With the new SEC rules fast approaching, companies should be taking the initiative to detect, identify, and secure their infrastructure, mitigating the risk of data leaks and cybercrime that could prove crushing to their bottom line. Organizations are facing the same threats as their nation state counterparts, targeted by nation state-backed entities attempting to exfiltrate sensitive data and advance a cyberwar that is already transcending geographical boundaries.
These proposed SEC regulations would enable governments to get a better handle on the magnitude of the current threat landscape. Incident disclosure can also help companies and governmental organizations identify malicious activity on their networks. However, businesses must utilize this opportunity to convince investors and customers that they are doing everything within their power to avoid, protect, and defend against attacks.
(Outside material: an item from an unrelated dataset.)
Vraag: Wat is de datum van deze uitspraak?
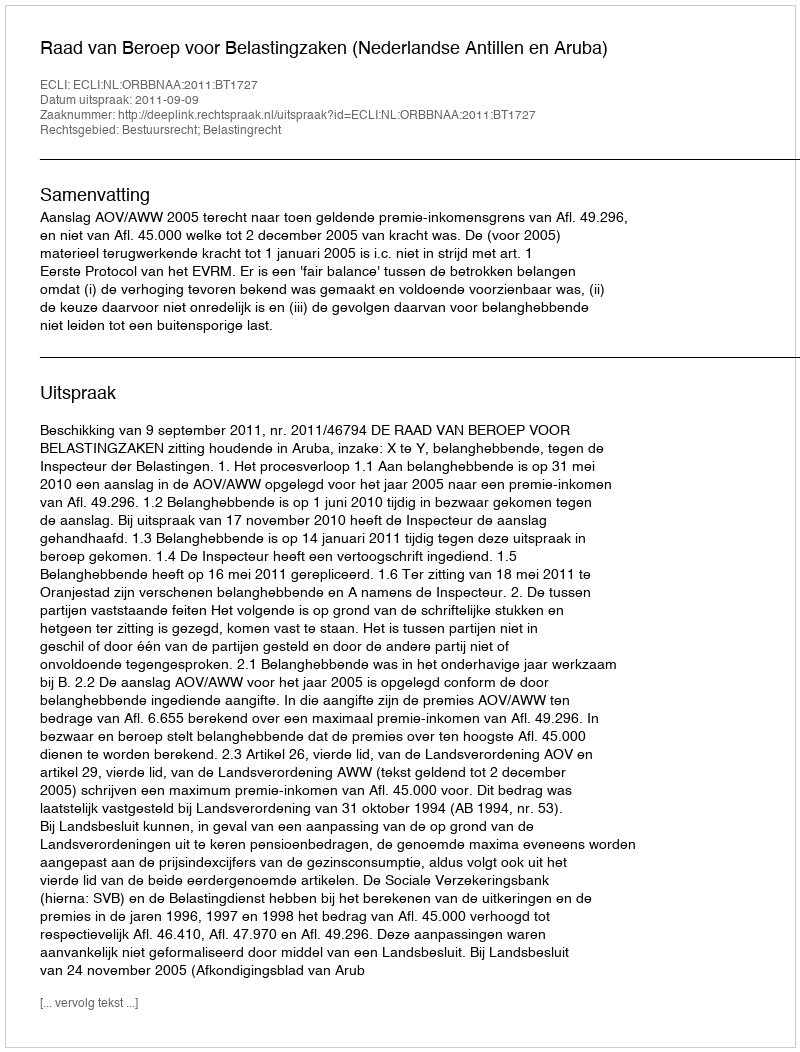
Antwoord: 2011-09-09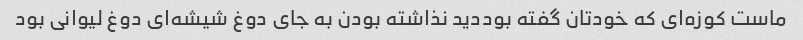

Cyber ranges can provide empirical evidence to customers that organizations are regularly testing and advancing their systems to combat the latest threats. Examining the efficiency of your people, processes, and technology through cyber ranges is essential for organizations to thwart attackers and support businesses in managing their cyber risks. The use of an effective cyber range would also ensure that businesses are adhering to regulatory standards, whilst simultaneously reassuring customers, shareholders, and investors.
William Hutchison is CEO of SimSpace, a cybersecurity solution provider for enterprises, governments, and critical infrastructure.